[BioC] probeSetSummary and named vector
James W. MacDonald
jmacdon at med.umich.edu
Wed Nov 28 15:53:46 CET 2007
Hi Ingrid,
Ingrid H. G. Østensen wrote:
> Hi
>
> I have found GO categorys in a data set and want to see which genes are in the different terms that are listed. Previously I have done the following:
>
> annoPk <- "illuminaHumanv2"
> entrezPk <- illuminaHumanv2ENTREZID
> pVerdi_GO = 0.01
>
> probe <- top2[,1] #top2 is a topTable object
>
> sigLL <- (unlist(mget(probe, env=entrezPk, ifnotfound=NA)))
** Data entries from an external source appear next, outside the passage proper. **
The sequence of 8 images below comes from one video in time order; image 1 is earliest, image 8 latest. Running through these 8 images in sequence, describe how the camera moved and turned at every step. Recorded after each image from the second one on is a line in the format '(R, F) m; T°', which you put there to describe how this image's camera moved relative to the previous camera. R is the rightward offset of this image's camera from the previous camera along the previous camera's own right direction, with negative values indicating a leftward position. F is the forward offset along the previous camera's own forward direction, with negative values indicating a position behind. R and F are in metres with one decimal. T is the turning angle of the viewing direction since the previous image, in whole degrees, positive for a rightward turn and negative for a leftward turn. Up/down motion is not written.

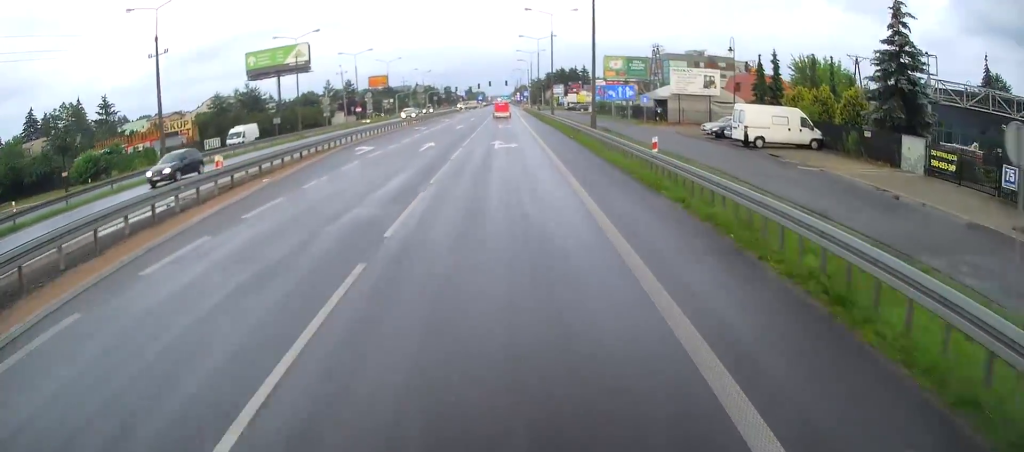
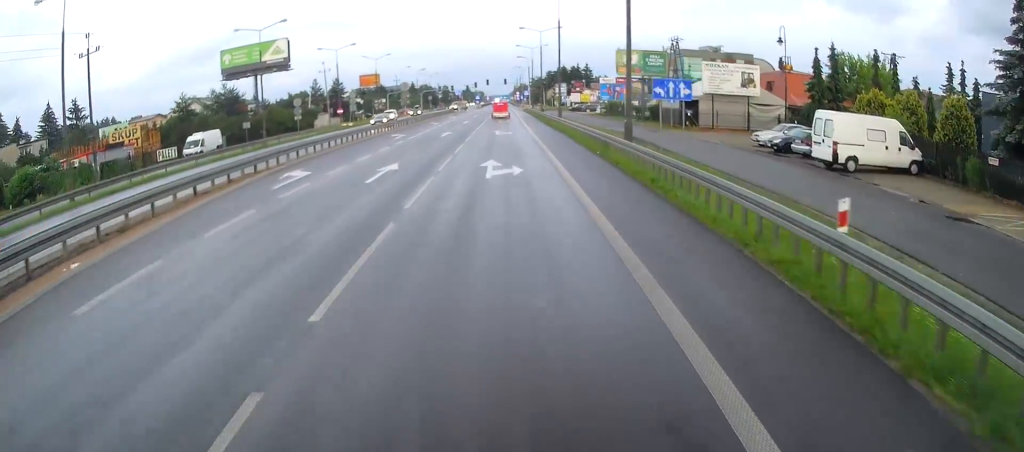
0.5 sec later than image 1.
(-0.1, +10.1) m; 0°
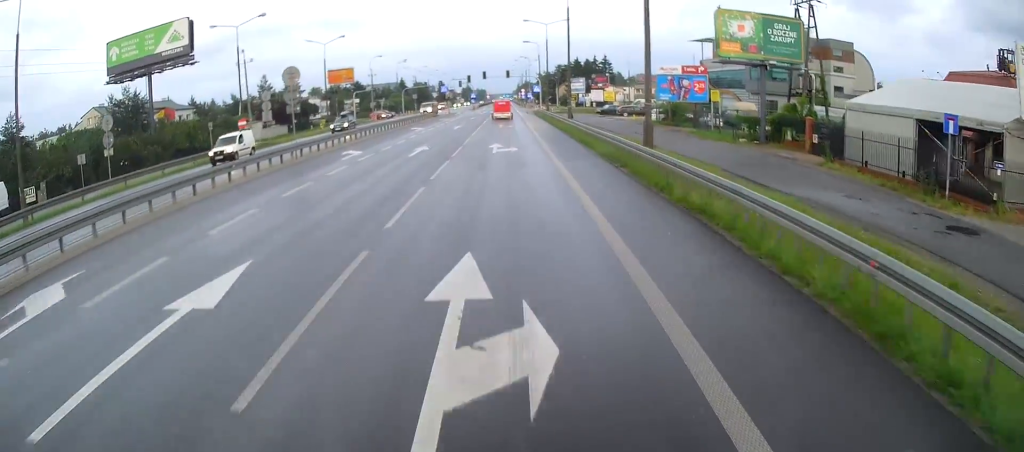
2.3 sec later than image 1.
(+0.3, +32.8) m; -1°
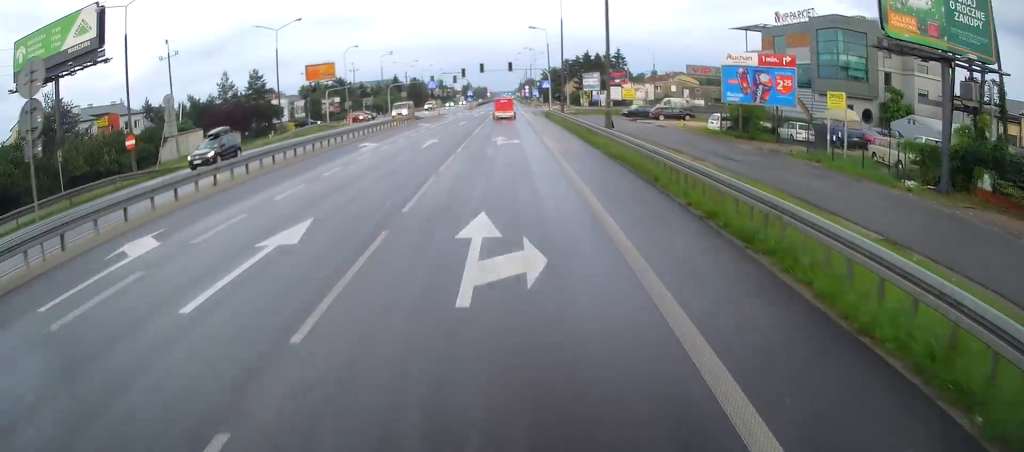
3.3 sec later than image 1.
(-0.5, +17.7) m; -1°
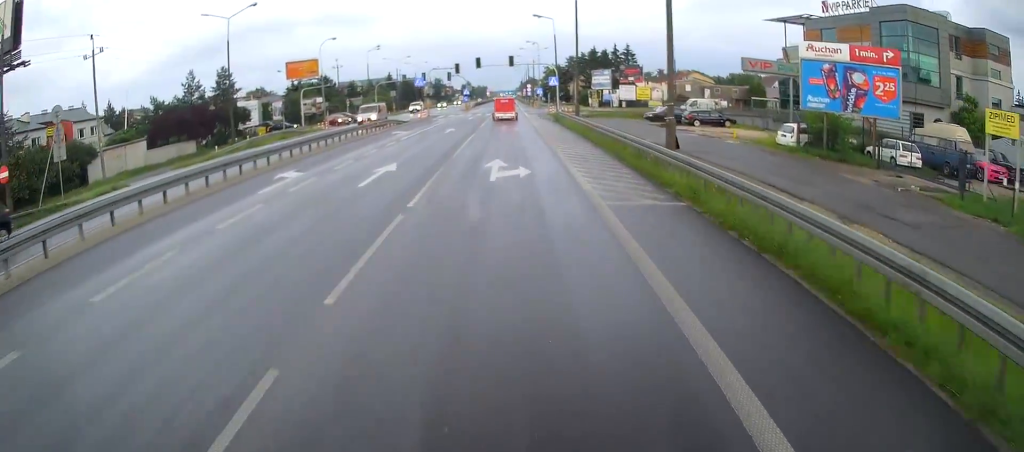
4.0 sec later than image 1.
(+0.1, +11.6) m; +1°
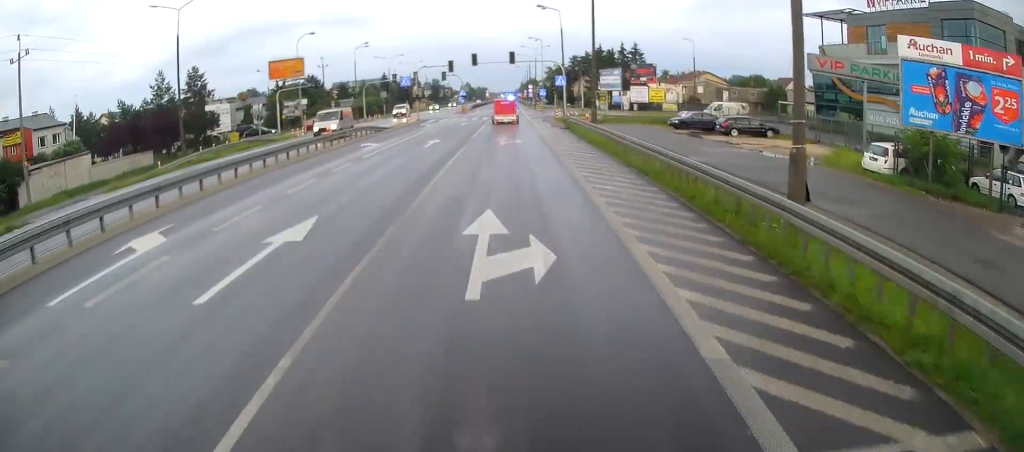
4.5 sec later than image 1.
(+0.1, +8.9) m; +1°
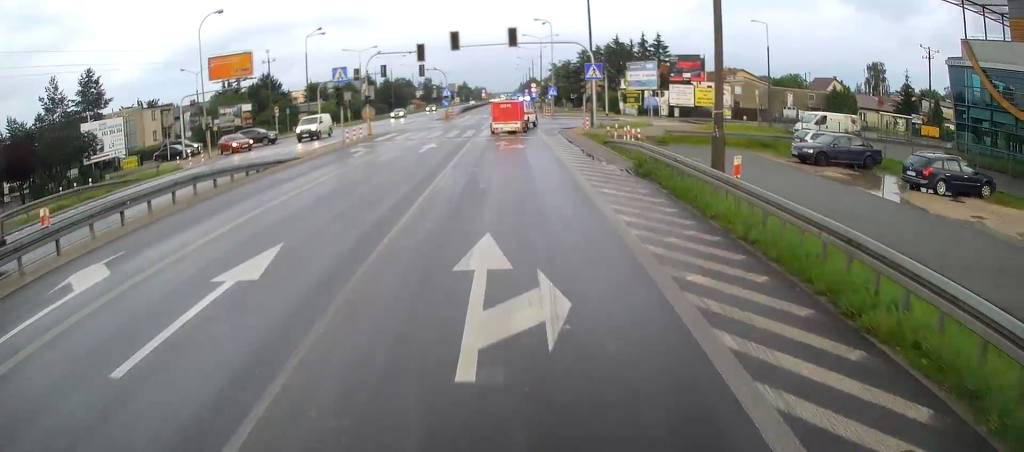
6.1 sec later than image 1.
(-0.2, +22.6) m; -1°
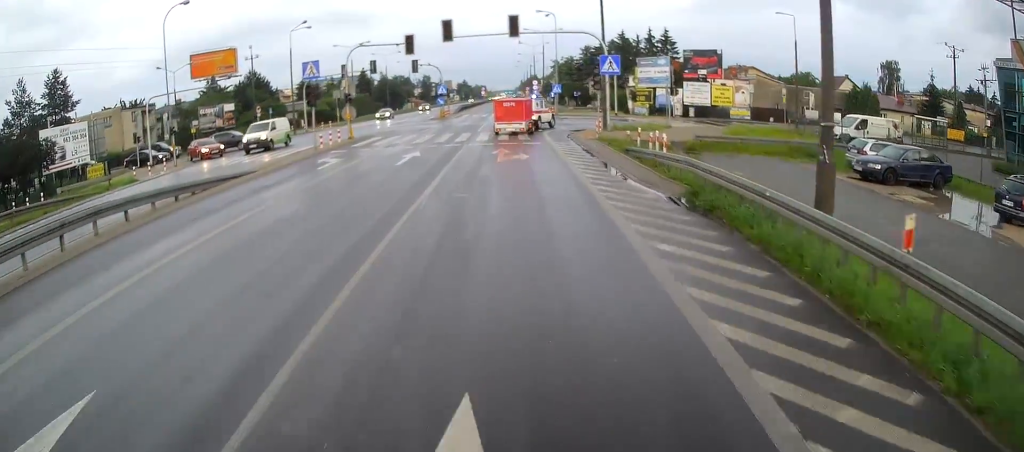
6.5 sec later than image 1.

> sigLL <- sigLL[!is.na(sigLL)]
> sigLL <- sigLL[!duplicated(sigLL)]
>
> univ <- unique(getLL(ls(entrezPk), annoPk))
>
>
> params <- new("GOHyperGParams", geneIds= sigLL, universeGeneIds=univ, annotation=annoPk, ontology="BP", pvalueCutoff= pVerdi_GO, conditional=TRUE, testDirection="over")
> hgOver <- hyperGTest(params)
> res_filNavn <- paste(i, "_GO_summary_BP_over.html", sep = "")
> htmlReport(hgOver,file=res_filNavn)
> ps <- probeSetSummary(hgOver)
> res_filNavn_gener <- paste(i, "_GO_prober_BP_over.txt")
> for(j in 1:length(ps))
> {
> write.table(ps[j], file = res_filNavn_gener, append=TRUE, sep="")
> }
>
> This has worked fine. But now I am reading the topTable result as an .txt file (topTable files made previously and stored as a .txt file). I now have to use as.character to get the information into hyperGTest.
>
> sigLL <- (unlist(mget(as.character(probe), env=entrezPk, ifnotfound=NA)))
> sigLL <- as.character(sigLL[!is.na(sigLL)])
> sigLL <- sigLL[!duplicated(sigLL)]
>
> univ <- as.character(unique(getLL(ls(entrezPk), annoPk)))
>
> Unfortenatly probeSetSummary does not like this:
>
>
>> ps <- probeSetSummary(hgOver)
> Warning message:
> The vector of geneIds used to create the GOHyperGParams object was not a named vector.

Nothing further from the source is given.